ACTIVITY
Only lines that contain the string "bold" should be returned from the material below.
** INPUT FOR THIS TASK follows **
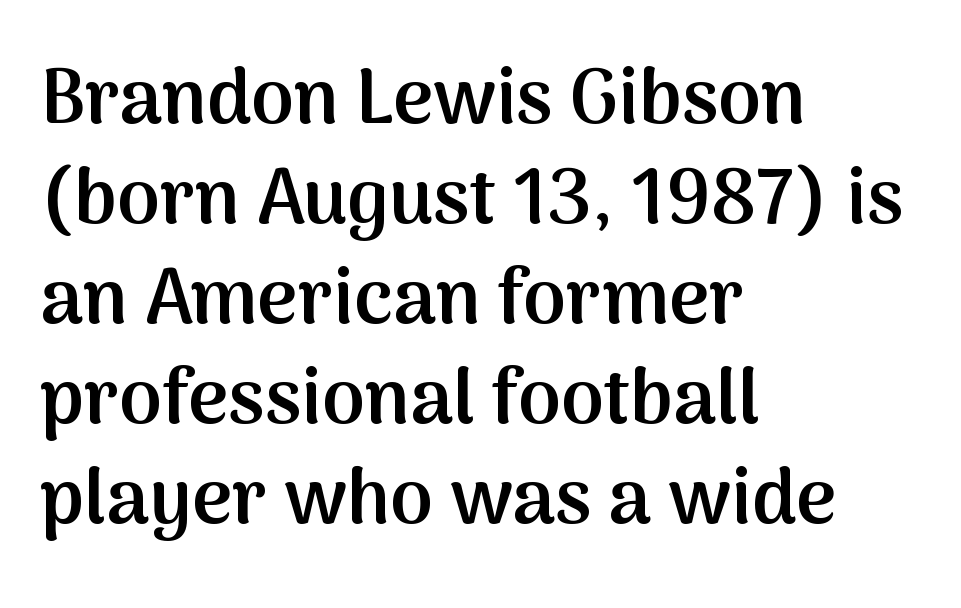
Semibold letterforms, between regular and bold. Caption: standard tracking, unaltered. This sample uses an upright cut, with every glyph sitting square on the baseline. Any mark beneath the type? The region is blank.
** End of INPUT FOR THIS TASK **
** INPUT FOR THIS TASK follows **
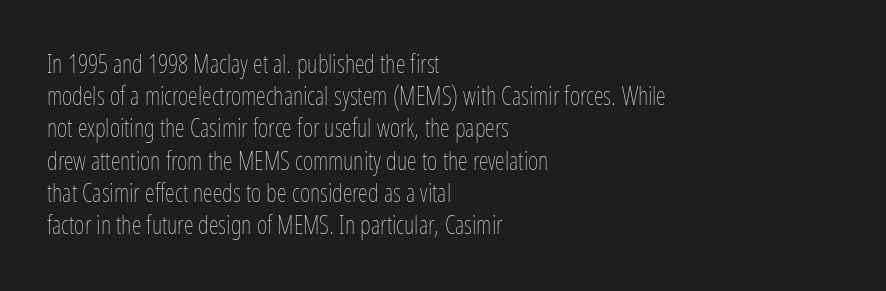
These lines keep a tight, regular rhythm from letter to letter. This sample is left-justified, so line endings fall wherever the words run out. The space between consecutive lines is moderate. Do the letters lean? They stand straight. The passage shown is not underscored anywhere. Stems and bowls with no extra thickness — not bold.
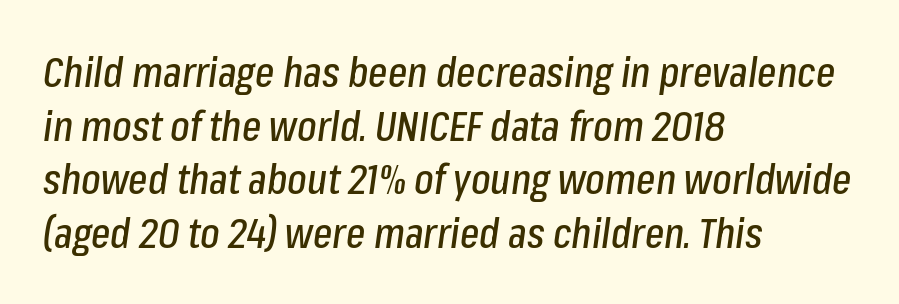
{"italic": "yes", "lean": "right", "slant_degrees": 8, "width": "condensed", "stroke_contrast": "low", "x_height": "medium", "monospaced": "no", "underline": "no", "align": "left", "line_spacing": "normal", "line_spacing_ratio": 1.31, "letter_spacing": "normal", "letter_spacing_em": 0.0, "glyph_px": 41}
** End of INPUT FOR THIS TASK **
** INPUT FOR THIS TASK follows **
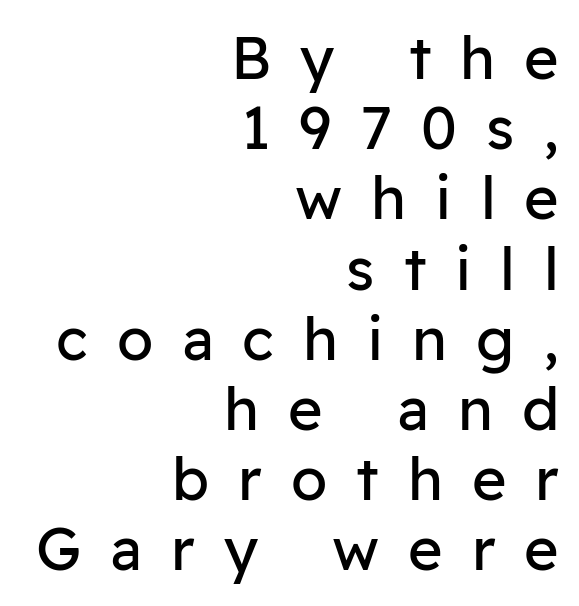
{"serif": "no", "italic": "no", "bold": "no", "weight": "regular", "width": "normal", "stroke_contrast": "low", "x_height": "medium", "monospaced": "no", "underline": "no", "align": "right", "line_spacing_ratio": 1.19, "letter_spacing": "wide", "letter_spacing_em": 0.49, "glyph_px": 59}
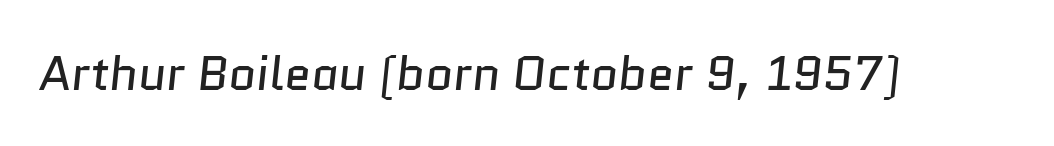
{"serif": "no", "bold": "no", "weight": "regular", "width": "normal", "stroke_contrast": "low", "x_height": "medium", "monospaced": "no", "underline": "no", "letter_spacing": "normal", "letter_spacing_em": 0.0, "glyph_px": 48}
** End of INPUT FOR THIS TASK **
RESULT OF THE EXERCISE
Semibold letterforms, between regular and bold. Caption: standard tracking, unaltered. This sample uses an upright cut, with every glyph sitting square on the baseline. Any mark beneath the type? The region is blank.
These lines keep a tight, regular rhythm from letter to letter. This sample is left-justified, so line endings fall wherever the words run out. The space between consecutive lines is moderate. Do the letters lean? They stand straight. The passage shown is not underscored anywhere. Stems and bowls with no extra thickness — not bold.
{"serif": "no", "italic": "no", "bold": "no", "weight": "regular", "width": "normal", "stroke_contrast": "low", "x_height": "medium", "monospaced": "no", "underline": "no", "align": "right", "line_spacing_ratio": 1.19, "letter_spacing": "wide", "letter_spacing_em": 0.49, "glyph_px": 59}
{"serif": "no", "bold": "no", "weight": "regular", "width": "normal", "stroke_contrast": "low", "x_height": "medium", "monospaced": "no", "underline": "no", "letter_spacing": "normal", "letter_spacing_em": 0.0, "glyph_px": 48}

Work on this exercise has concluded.